A ideia de aposentadoria, como o próprio conceito de trabalho, tem se transformado bastante nas últimas décadas. A tecnologia permite hoje formas de trabalho impensáveis há pouco mais de 15 anos, mas uma coisa não mudou: o tempo continua passando, as pessoas envelhecendo e a energia para o trabalho diminuindo. O engenheiro metalurgista Michel Chebel Labaki cultivou uma carreira de sucesso. Ocupava na década passada o cargo de diretor da Financiadora de Estudos e Projetos (Finep), ligada ao Ministério da Ciência, Tecnologia e Inovação (MCTI). Quando completou 60 anos, já somava 35 de contribuição à Previdência e resolveu requerer a aposentadoria. “Na verdade nunca me senti como um pensionista, estava muito bem de saúde na época e meu ritmo de trabalho não mudou”, afirma. Além da boa disposição, Michel precisa continuar gerando renda extra, uma vez que ainda paga parcelas de uma dívida tributária adquirida durante o período em que teve empresa própria. “Não quero deixar nada para trás, quero pagar tudo, além do fato de que também gosto de trabalhar.”
Mas, se não tivesse esses compromissos, ficaria em casa? “Não veria problema nenhum em parar. Saberia bem o que fazer com meu tempo livre.” Na agenda sairiam reuniões profissionais e entrariam visitas aos seus cinco netos, tocar mais violão e dedicar mais tempo para a literatura. Aproveitaria ainda para ir mais à praia, já que possui casa em Caraguatatuba, litoral paulista.

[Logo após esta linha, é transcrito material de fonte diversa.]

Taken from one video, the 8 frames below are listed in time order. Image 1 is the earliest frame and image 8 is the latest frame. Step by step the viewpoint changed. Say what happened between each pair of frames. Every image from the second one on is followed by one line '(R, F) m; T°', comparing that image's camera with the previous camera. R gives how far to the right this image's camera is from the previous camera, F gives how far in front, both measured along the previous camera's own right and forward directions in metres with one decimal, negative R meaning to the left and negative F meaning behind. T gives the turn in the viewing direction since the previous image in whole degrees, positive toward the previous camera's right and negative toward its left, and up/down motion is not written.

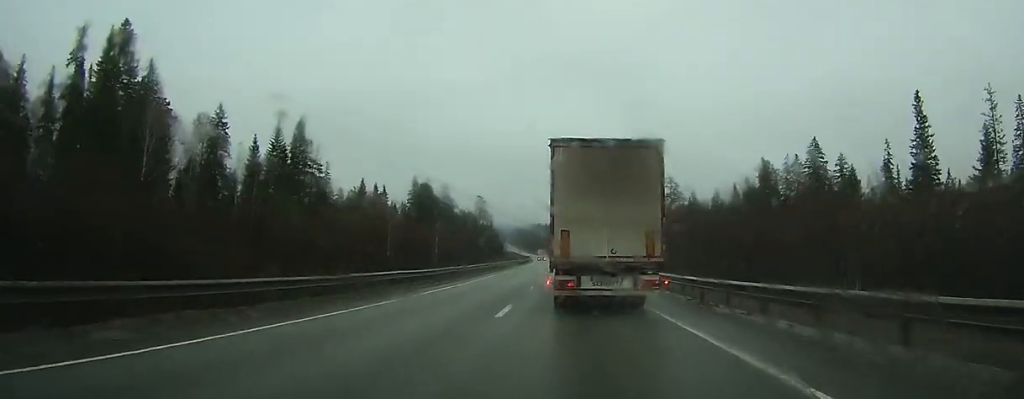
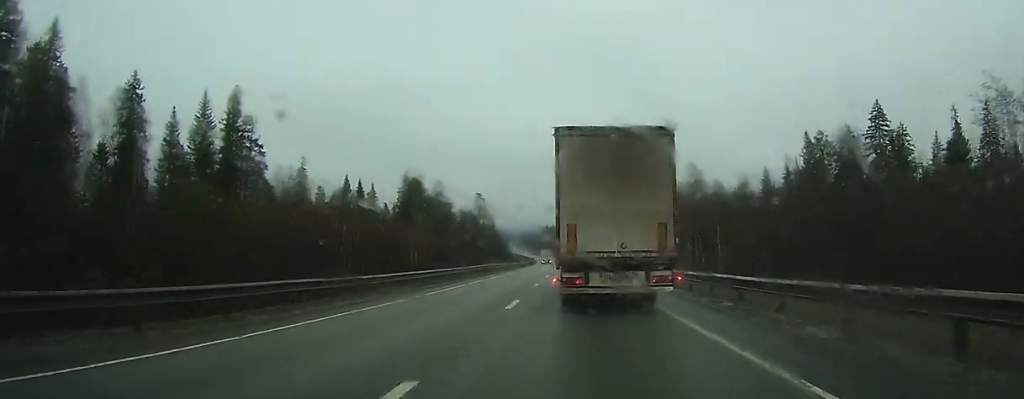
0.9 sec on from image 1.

Edi Luiz Deitos, por sua vez, aproveitou a aposentadoria para dar um grande salto, transformando-se num empresário de sucesso. Esse gaúcho natural de Serafina Corrêa (220 quilômetros a noroeste de Porto Alegre) trabalhou por mais de 40 anos como executivo em frigoríficos da região. Perto dos 60 anos, dirigia uma fábrica da Perdigão na sua cidade natal e nem pensava em passar os anos seguintes sentado no sofá de frente para a televisão. Mas a empresa oferecia incentivo financeiro à aposentadoria dos funcionários que atingissem aquela idade, o que o instigou a aproveitar a oportunidade para criar uma empresa. Aos 58 anos iniciou suas pesquisas. Nas férias de 1996, foi à Europa com a esposa, onde participou de duas das principais feiras mundiais de alimentos. Lá conheceu a técnica de congelamento de vegetais. “Dei-me conta de que não existia isso no Brasil. O pouco que havia de vegetais congelados era importado, e essa atividade tinha muito em comum com os processos dos frigoríficos que eu conhecia tão bem”, afirma.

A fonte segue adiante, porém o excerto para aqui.